Assignment -> Everything from the line with "loose? A: Normal." down to the line with "Loose tracking; the" below must be printed exactly, those two lines included. Exclude pictures.

===============

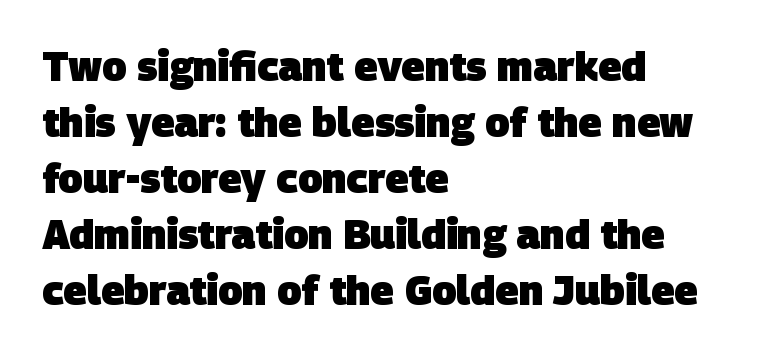
Q: Is the text bold? A: Yes.
Q: Is the typeface a serif or a sans-serif typeface? A: Sans-serif.
Q: Is the text underlined? A: No.
Q: How is the paragraph aligned? A: Left-aligned.
Q: Is the spacing between letters normal or unusually wide? A: Normal.
Q: Is the spacing between lines tight, normal or loose? A: Normal.
Q: Width (condensed, normal, or wide)? A: Normal.
Q: Stroke contrast? A: Low.
Q: x-height? A: Large.
Q: Monospaced? A: No.
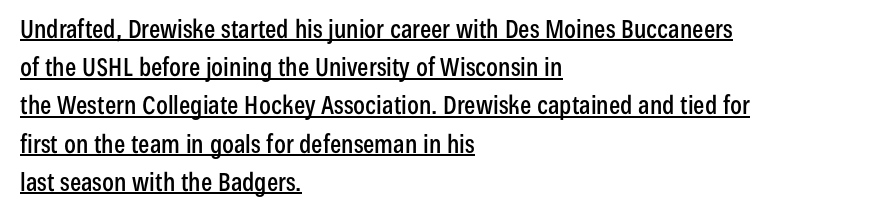
{"italic": "no", "underline": "yes", "align": "left", "line_spacing": "normal", "line_spacing_ratio": 1.53, "letter_spacing": "normal", "letter_spacing_em": 0.0, "glyph_px": 25}
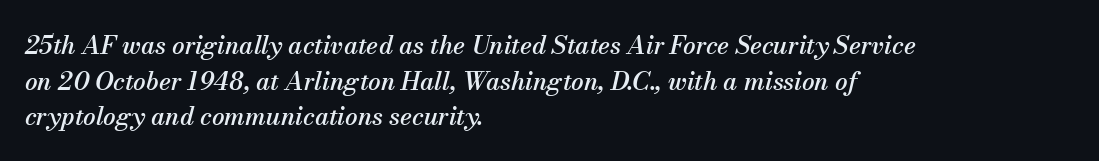
Underline: absent. A typesetter would call this leading conventional body-copy spacing. An italicized treatment has been applied to the whole sample. These lines stack with their left ends in a neat column. Tracking value appears to be zero — textbook default spacing.
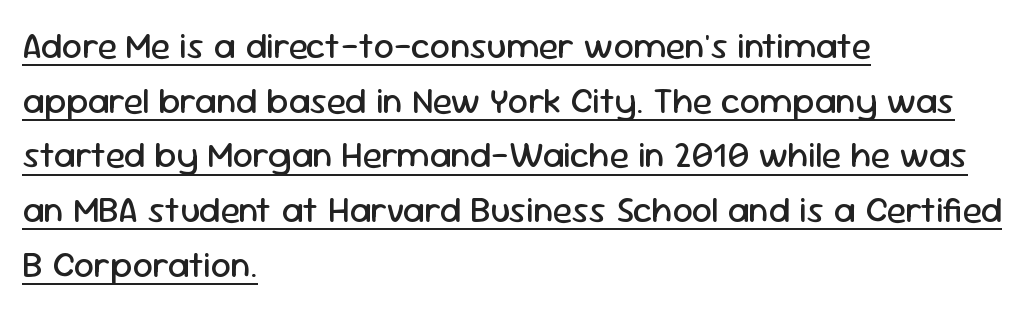
{"serif": "no", "italic": "no", "bold": "no", "weight": "regular", "width": "normal", "stroke_contrast": "low", "x_height": "medium", "monospaced": "no", "underline": "yes", "align": "left", "line_spacing": "normal", "line_spacing_ratio": 1.52, "letter_spacing": "normal", "letter_spacing_em": 0.0, "glyph_px": 36}
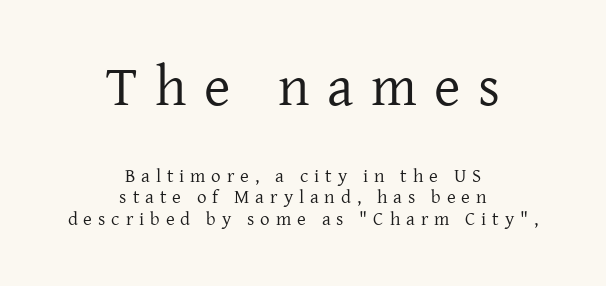
{"serif": "yes", "italic": "no", "bold": "no", "weight": "regular", "width": "normal", "stroke_contrast": "low", "x_height": "medium", "monospaced": "no", "underline": "no", "align": "center", "line_spacing": "tight", "line_spacing_ratio": 1.13, "letter_spacing": "wide", "letter_spacing_em": 0.31, "larger_block": "first", "size_ratio": 3.0, "glyph_px": 57}
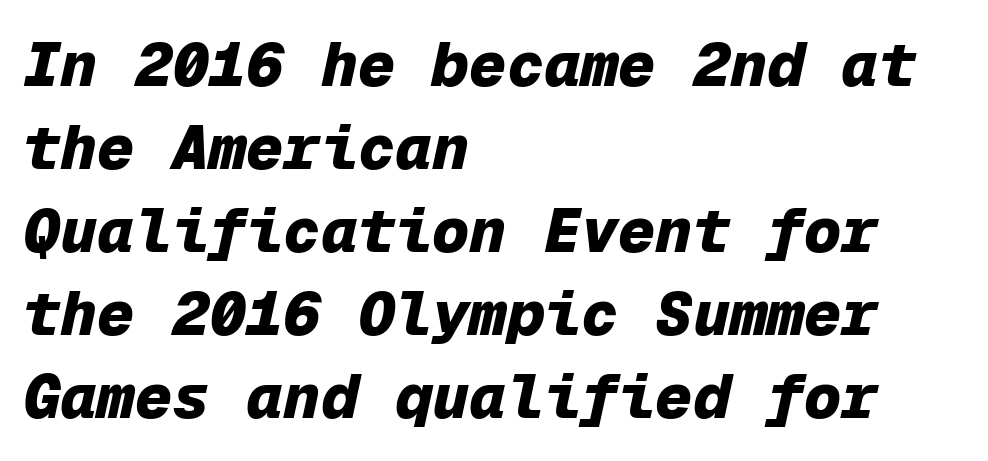
{"italic": "yes", "lean": "right", "slant_degrees": 12, "bold": "yes", "weight": "heavy", "width": "normal", "stroke_contrast": "low", "x_height": "medium", "monospaced": "yes", "underline": "no", "align": "left", "line_spacing": "normal", "line_spacing_ratio": 1.34, "letter_spacing": "normal", "letter_spacing_em": 0.0, "glyph_px": 62}
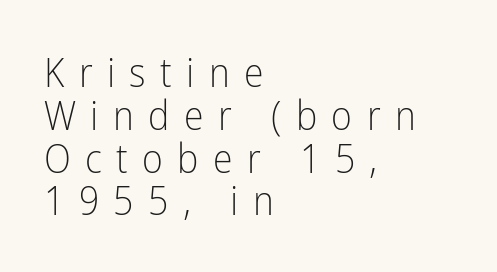
Loose tracking; the words dissolve into strings of separated letters. A classic flush-left, rag-right setting is used for this passage. The passage shown is typed in a proportional face where columns would drift. Only glyphs here, with clear space below each row. The space between consecutive lines is stingy.
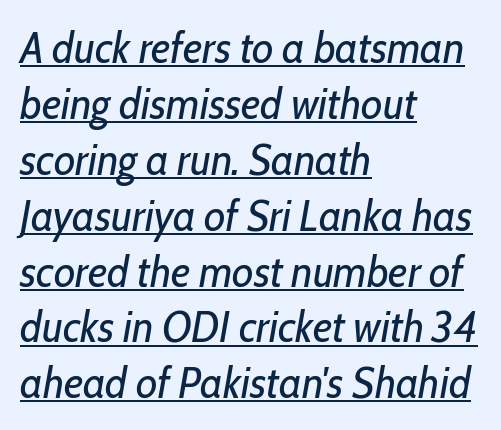
{"italic": "yes", "lean": "right", "slant_degrees": 10, "bold": "no", "weight": "regular", "width": "condensed", "stroke_contrast": "low", "x_height": "medium", "monospaced": "no", "underline": "yes", "align": "left", "line_spacing": "normal", "line_spacing_ratio": 1.27, "letter_spacing": "normal", "letter_spacing_em": 0.0, "glyph_px": 44}
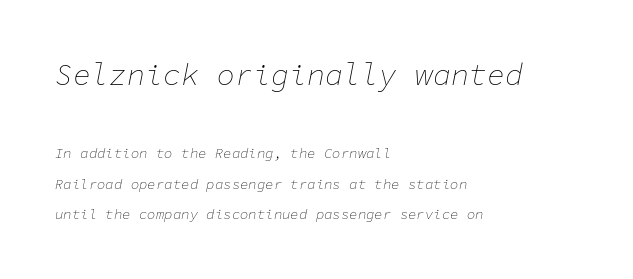
Q: Is the text bold? A: No.
Q: Is the text italic (slanted)? A: Yes, it leans right by about 11 degrees.
Q: Is the text underlined? A: No.
Q: How is the paragraph aligned? A: Left-aligned.
Q: Is the spacing between letters normal or unusually wide? A: Normal.
Q: Is the spacing between lines tight, normal or loose? A: Loose.
Q: Which block of text is set in a larger size, the first (top) or the second (bottom)? A: The first (top) one.
Q: Width (condensed, normal, or wide)? A: Normal.
Q: Stroke contrast? A: Low.
Q: x-height? A: Medium.
Q: Monospaced? A: Yes.
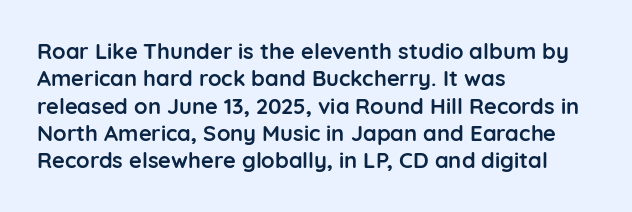
{"italic": "no", "bold": "yes", "underline": "no", "align": "left", "line_spacing_ratio": 1.24, "letter_spacing": "normal", "letter_spacing_em": 0.0, "glyph_px": 22}
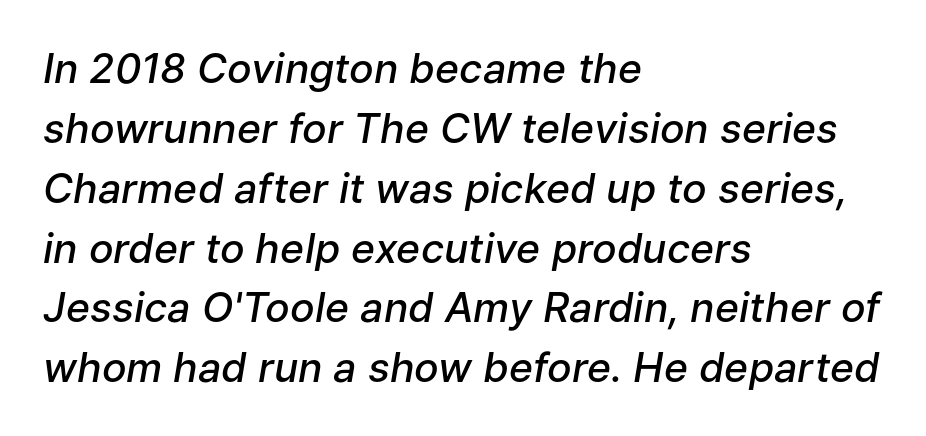
{"italic": "yes", "lean": "right", "slant_degrees": 9, "bold": "semi", "weight": "semibold", "width": "normal", "stroke_contrast": "low", "x_height": "medium", "monospaced": "no", "underline": "no", "align": "left", "line_spacing": "normal", "line_spacing_ratio": 1.46, "letter_spacing": "normal", "letter_spacing_em": 0.0, "glyph_px": 41}

===============

Response to this exercise ->
Q: Is the spacing between lines tight, normal or loose? A: Normal.
Q: Width (condensed, normal, or wide)? A: Normal.
Q: Stroke contrast? A: Low.
Q: x-height? A: Large.
Q: Monospaced? A: No.
{"italic": "no", "underline": "yes", "align": "left", "line_spacing": "normal", "line_spacing_ratio": 1.53, "letter_spacing": "normal", "letter_spacing_em": 0.0, "glyph_px": 25}
Underline: absent. A typesetter would call this leading conventional body-copy spacing. An italicized treatment has been applied to the whole sample. These lines stack with their left ends in a neat column. Tracking value appears to be zero — textbook default spacing.
{"serif": "no", "italic": "no", "bold": "no", "weight": "regular", "width": "normal", "stroke_contrast": "low", "x_height": "medium", "monospaced": "no", "underline": "yes", "align": "left", "line_spacing": "normal", "line_spacing_ratio": 1.52, "letter_spacing": "normal", "letter_spacing_em": 0.0, "glyph_px": 36}
{"serif": "yes", "italic": "no", "bold": "no", "weight": "regular", "width": "normal", "stroke_contrast": "low", "x_height": "medium", "monospaced": "no", "underline": "no", "align": "center", "line_spacing": "tight", "line_spacing_ratio": 1.13, "letter_spacing": "wide", "letter_spacing_em": 0.31, "larger_block": "first", "size_ratio": 3.0, "glyph_px": 57}
{"italic": "yes", "lean": "right", "slant_degrees": 12, "bold": "yes", "weight": "heavy", "width": "normal", "stroke_contrast": "low", "x_height": "medium", "monospaced": "yes", "underline": "no", "align": "left", "line_spacing": "normal", "line_spacing_ratio": 1.34, "letter_spacing": "normal", "letter_spacing_em": 0.0, "glyph_px": 62}
Loose tracking; the words dissolve into strings of separated letters. A classic flush-left, rag-right setting is used for this passage. The passage shown is typed in a proportional face where columns would drift. Only glyphs here, with clear space below each row. The space between consecutive lines is stingy.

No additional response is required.